Page 1 of 1

[CUDA]Determining threads per block, no. of blocks and Grid

Posted: Mon Mar 15, 2010 3:12 pm
by abhishekdey1985
Hi Evryone,

How to determine threads per block, no. of blocks on a CUDA Device?

For example: i need to multiply two single dimensioned arrays A, B and Copy the result into C Array.

Code: Select all

int N = 10; //Array Containing Maximum of 10 elements
size_t size = N*sizeof(float);
...
cudaMalloc((**void &&)a_d, size);
cudaMalloc((**void &&)b_d, size);
cudaMalloc((**void &&)c_d, size);
...
...
cudaMemcpy(a_d, a_h, size, cudaMemcpyHostToDevice);
cudaMemcpy(b_d, b_h, size, cudaMemcpyHostToDevice);

//How to determine no. of threads here???
int threadsPerBlock = ???
int noOfBlocks = ??

fmultiply<<>>(a_d, b_d, c_d);

cudaMemcpy(c_d, c_h, size, cudaMemcpyDeviceToHost);
...
...

Posted: Mon Mar 15, 2010 4:36 pm
by hybrid
Just ask the CudaInformation struct. These numbers would give you the maximal number of blocks etc., but since you're still on the host, you're able to set the desired number of processes in your calls later on.

Posted: Mon Mar 15, 2010 4:36 pm
by hybrid
Just ask the CudaInformation struct. These numbers would give you the maximal number of blocks etc., but since you're still on the host, you're able to set the desired number of processes in your calls later on.

Posted: Tue Mar 16, 2010 7:31 am
by abhishekdey1985
I meant on what basis the Threads per block should be decided.
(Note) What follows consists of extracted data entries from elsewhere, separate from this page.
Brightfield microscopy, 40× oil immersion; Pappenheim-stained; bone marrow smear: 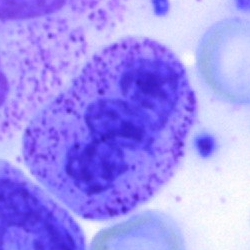
Segmented neutrophil.
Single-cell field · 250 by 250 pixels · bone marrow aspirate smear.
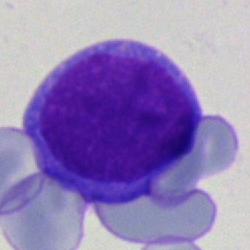 The morphological class is undifferentiated blast.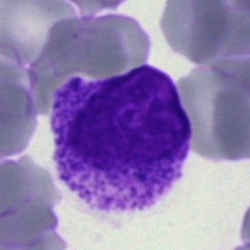 Bone marrow aspirate smear, single cell — myelocyte.
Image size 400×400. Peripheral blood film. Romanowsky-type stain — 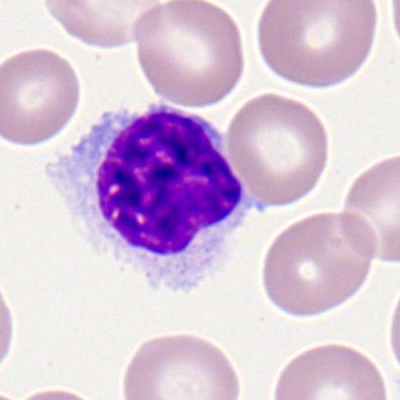 Cell: lymphocyte.
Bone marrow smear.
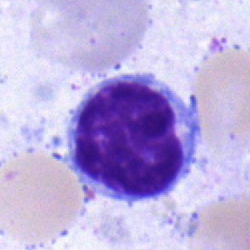

Morphology → lymphocyte.
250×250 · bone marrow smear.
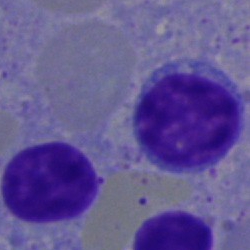

Q: What is shown here?
A: Lymphocyte.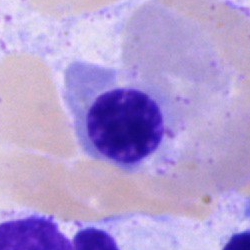Q: What is the morphological classification of this cell?
A: Nucleated red cell.
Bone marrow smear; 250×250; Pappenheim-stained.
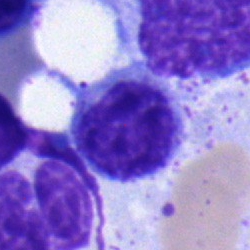Single cell identified as a lymphocyte.
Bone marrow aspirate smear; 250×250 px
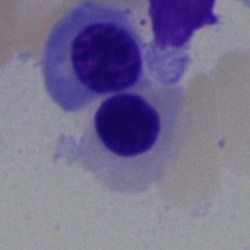

Cell = nucleated red cell.
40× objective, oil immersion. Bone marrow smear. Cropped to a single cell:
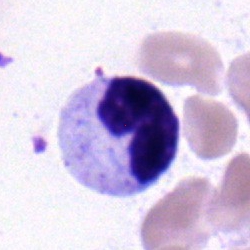Showing a band neutrophil.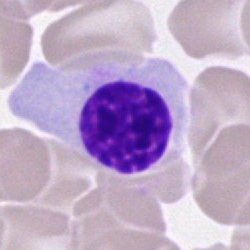

Classification — nucleated red cell.
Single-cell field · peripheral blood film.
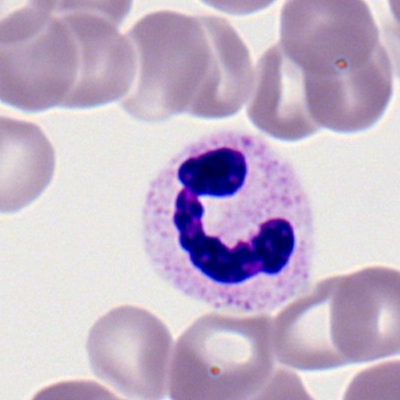

Cell = polymorphonuclear neutrophil.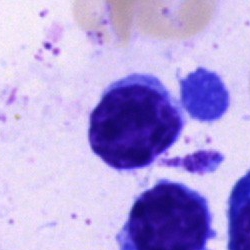

Q: What cell is this?
A: It is a typical lymphocyte.
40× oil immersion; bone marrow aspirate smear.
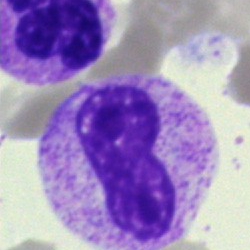Specimen: bone marrow smear.
Classification: band-form neutrophil.
Lineage: myeloid.
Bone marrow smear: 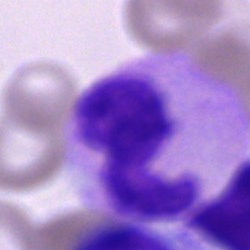 This is a cell of indeterminate lineage.
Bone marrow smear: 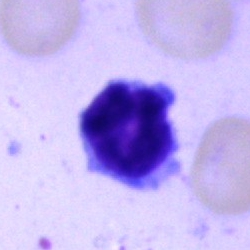 Q: What cell is this?
A: It is a lymphocyte.
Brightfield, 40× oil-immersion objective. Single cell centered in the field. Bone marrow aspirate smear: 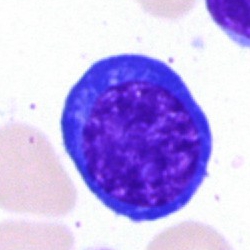

Cell type = nucleated red cell.
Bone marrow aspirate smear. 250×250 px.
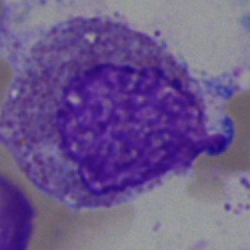

Q: Identify the cell.
A: This is an eosinophil.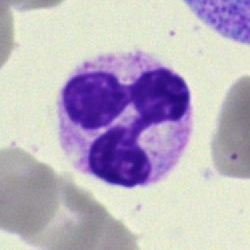

Impression — segmented neutrophil.
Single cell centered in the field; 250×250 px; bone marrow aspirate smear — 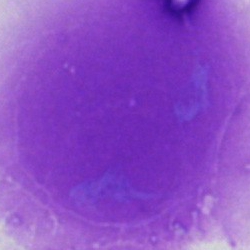

Q: What is shown here?
A: An artefact.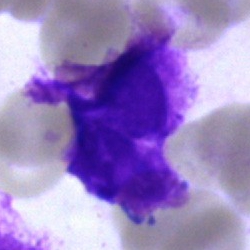 Cell type = artefact.
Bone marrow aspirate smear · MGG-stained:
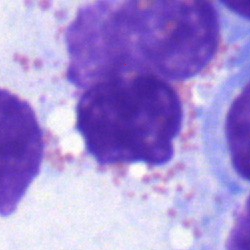
Q: Identify the cell.
A: An eosinophil.
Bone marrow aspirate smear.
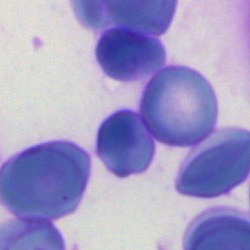

Morphological class: other cell type.
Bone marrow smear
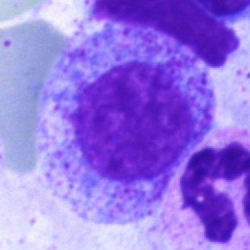This is a myelocyte.
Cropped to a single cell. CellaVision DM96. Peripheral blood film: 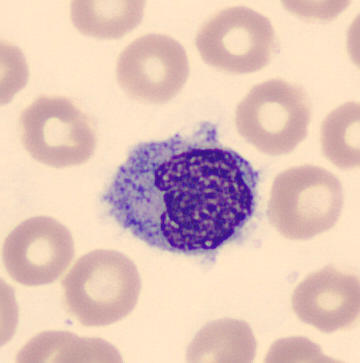

Specimen: peripheral blood film.
Classification: monocyte.
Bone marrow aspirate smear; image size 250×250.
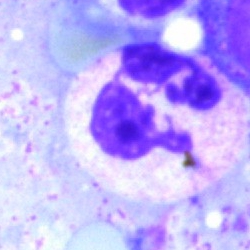 Impression — segmented neutrophil.
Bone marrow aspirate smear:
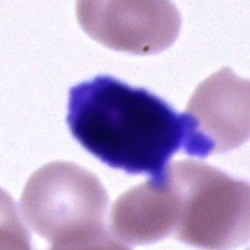Cell — unidentifiable cell.
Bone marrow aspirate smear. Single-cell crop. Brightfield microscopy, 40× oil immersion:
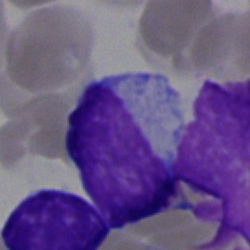 Classification: typical lymphocyte.
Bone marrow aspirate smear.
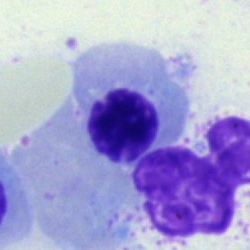
Cell type = nucleated red cell.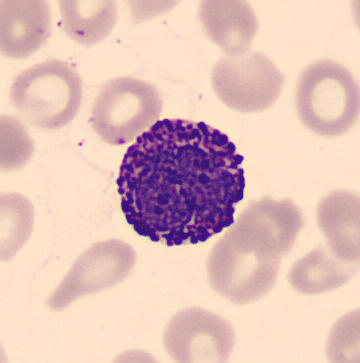 Morphology consistent with a basophil.

Image: Peripheral blood smear.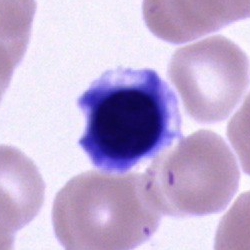Impression — nucleated red blood cell.
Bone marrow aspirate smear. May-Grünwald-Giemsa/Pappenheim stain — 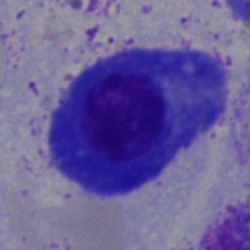

Morphology consistent with a plasma cell.
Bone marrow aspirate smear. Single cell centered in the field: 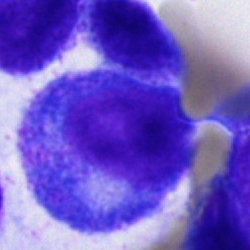 Single cell identified as a progranulocyte.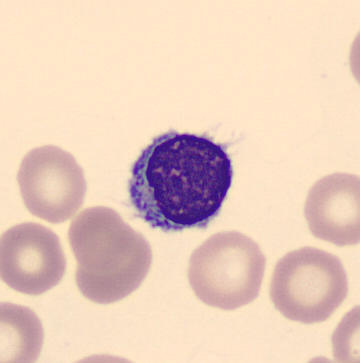 Showing a typical lymphocyte.
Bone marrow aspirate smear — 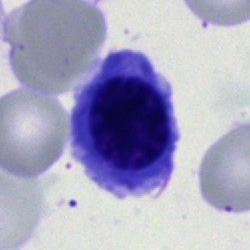
Morphological class = normoblast.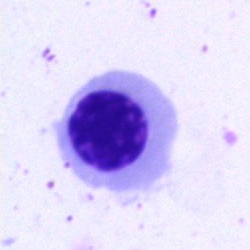The cell shown is an erythroblast.
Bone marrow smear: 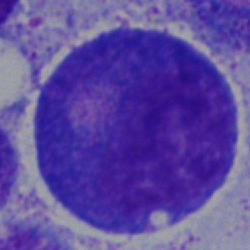
The morphological class is progranulocyte.
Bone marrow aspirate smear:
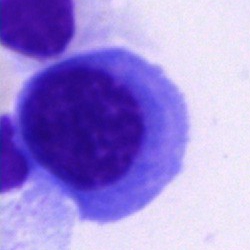Specimen: bone marrow smear.
Morphological class: normoblast.
Lineage: erythroid.
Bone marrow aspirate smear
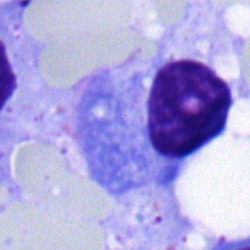Morphological class — plasmacyte.
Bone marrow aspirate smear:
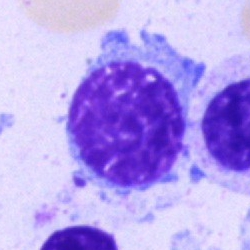 Showing a typical lymphocyte.
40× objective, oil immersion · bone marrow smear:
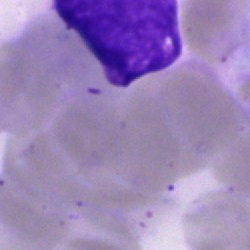Specimen: bone marrow smear.
Morphological class: artefact.
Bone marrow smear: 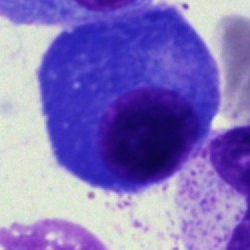

Cell: plasmacyte.
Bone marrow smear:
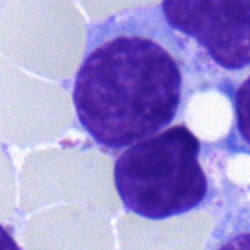The morphological class is lymphocyte.
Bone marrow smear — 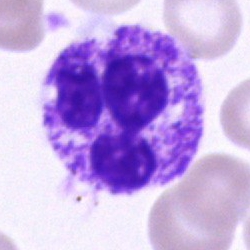

Q: What type of cell is this?
A: This is a segmented neutrophil.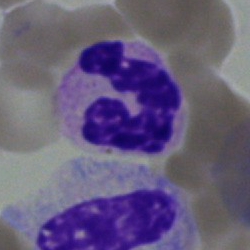

Morphology → segmented neutrophil.

Because the same program can run with 2 Blocks and 10 Threads per block OR 1 block and 20 Threads per block.

Also i get garbage value when accessing the Second Array passed to the Kernel.

Code Snippet:

Code: Select all

__global__ void fmultiply(float *A, float *B, float *C )
{
	int idx = blockIdx.x * blockDim.x + threadIdx.x;
	//if(idx<10)
		C[idx] = A[idx]*B[idx];
}
Need suggestions on accessing device memory.

Posted: Tue Mar 16, 2010 9:28 am
by hybrid
Well, the thread layout depends on your algorithm (how many threads can you populate), your gfx card (how many threads are possible, how many run per warp, what's the memory access), and a general overhead estimation. We have had very hard to predict patterns in the optimal numbers, maybe just let them run with varying figures and see which one is best.